Aged 39 and married to Joel, Rachel says: “My life feels mostly awesome. I get stunned by it sometimes, all the little mosaic pieces. I still struggle a lot, and I’ve got a lot to understand about the things I go through. It’s not like I’m super-wise – but maybe, one day, I will be.”
Though her life has undergone a remarkable transition, the legacy of her troubled past remains: she hears voices in her head, more than a dozen of them, each with their own identity that she visualises in drawings – some benign, but some threatening.
Her voices are divided into two groups: the younger ones have a sense of personality, like a family. There is a three-year-old she called Blue: “When I first started hearing her I had this image of an incredibly sad, frightened little girl in a dark room, not reaching out for anything; it was horrible to feel that I couldn’t comfort her. Now she’s more playful.” There’s also Elfie: “She’s pre-teen, really grumpy. Actually, that’s harsh; she’s angry. I don’t listen to her as much as the others, so I’ve probably got a part to play in that, and I’m trying to work on it.”

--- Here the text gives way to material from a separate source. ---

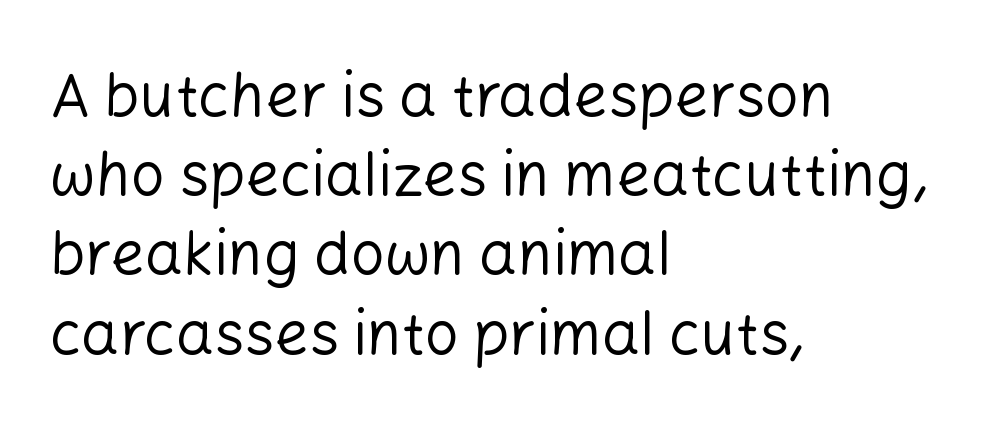
Weight: in the light-to-regular range. Each word holds together tightly as a unit, with standard inter-letter gaps. The text block is weighted toward the left margin, trailing off unevenly rightward. Quick note: not italic, upright.

Then there are those voices she calls the Three and the Not Yets, which are more intrusive and scary. The Three speak among themselves, distant and powerful, describing what she is doing and the people around her. “They induce a sense of distrust and fear around me being in the world,” she says, then breaks off to describe a conversation they’re currently having about her. “Rachel is talking to Moya [the RT writer]; she shouldn’t have said that, why is she saying that, Moya’s going to hurt her.”

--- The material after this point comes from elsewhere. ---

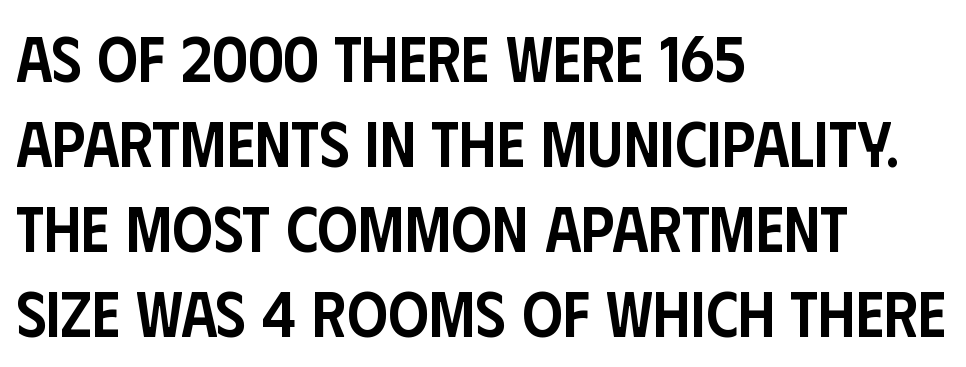
{"serif": "no", "italic": "no", "bold": "semi", "weight": "semibold", "width": "condensed", "stroke_contrast": "low", "x_height": "large", "monospaced": "no", "underline": "no", "align": "left", "line_spacing": "normal", "line_spacing_ratio": 1.33, "letter_spacing": "normal", "letter_spacing_em": 0.0, "glyph_px": 64}

The Not Yets, so named because she didn’t want to talk about them in therapy, are more violent. “They tell me to do some pretty hideous things and are very explicit. They have been very frightening to me.”
After three decades, more than 20 spells in hospital and several attempts to take her own life, Rachel has come to understand these voices not as symptoms of an illness, but as her mind’s response to the horrific, sustained sexual abuse she experienced outside of the family in her primary school years. She says: “I was lucky in that I was born to a mum and dad in a family with two older sisters and I was loved. But like many kids, I believed that this abuse was my fault, that I was making it happen, and that I couldn’t tell anyone about it. I was super-cute, super-lovely, and no one knew this sense of evil that I carried within me.”

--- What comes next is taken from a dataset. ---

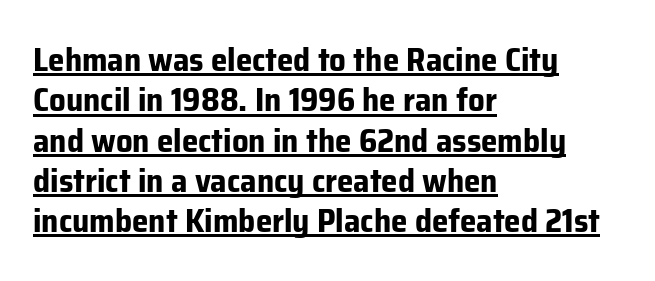
{"serif": "no", "italic": "no", "bold": "yes", "weight": "bold", "width": "normal", "stroke_contrast": "low", "x_height": "medium", "monospaced": "no", "underline": "yes", "align": "left", "line_spacing_ratio": 1.22, "letter_spacing": "normal", "letter_spacing_em": 0.0, "glyph_px": 33}

Her trauma was compounded by the shapes she had to twist herself into afterwards in order to live a double life. “What happened left me with big emotions that had nowhere to go. I squished them down because if I had thought about them in my day-to-day world, I’d have been crushed. So it came out in metaphors: monsters, aliens, big conspiracies.”
Rachel became so good at hiding things that when her parents took her to see a psychologist, she described her as being the most mentally healthy teenager she’d met. “But all the time I was wearing this mask, terrified of what was inside me.”
Rachel talks about her diagnosis of schizoaffective disorder in this week’s Horizon, which looks at the lives of three people who have been diagnosed with conditions that feature hearing voices, paranoia and hallucinations. It comes at a time when mental health has never had a higher public profile following Prince Harry’s revelations about the depression he suffered after the death of his mother, Diana.
Rachel says that medication – which she’s now free of – should not be the only treatment, as it is for many. She recalls being so sedated that at times she could barely function. “I realised how far I felt from my husband, and I wasn’t really living in the world.”
It was going to a “hearing voices” group that saved Rachel’s life. “I saw that they were real people who had grandkids, skills, artistic talents – and that helped me open up to the world, to be curious about other people and myself and find a sense of humanity again.” And instead of ignoring the voices, she began to acknowledge them and show them compassion.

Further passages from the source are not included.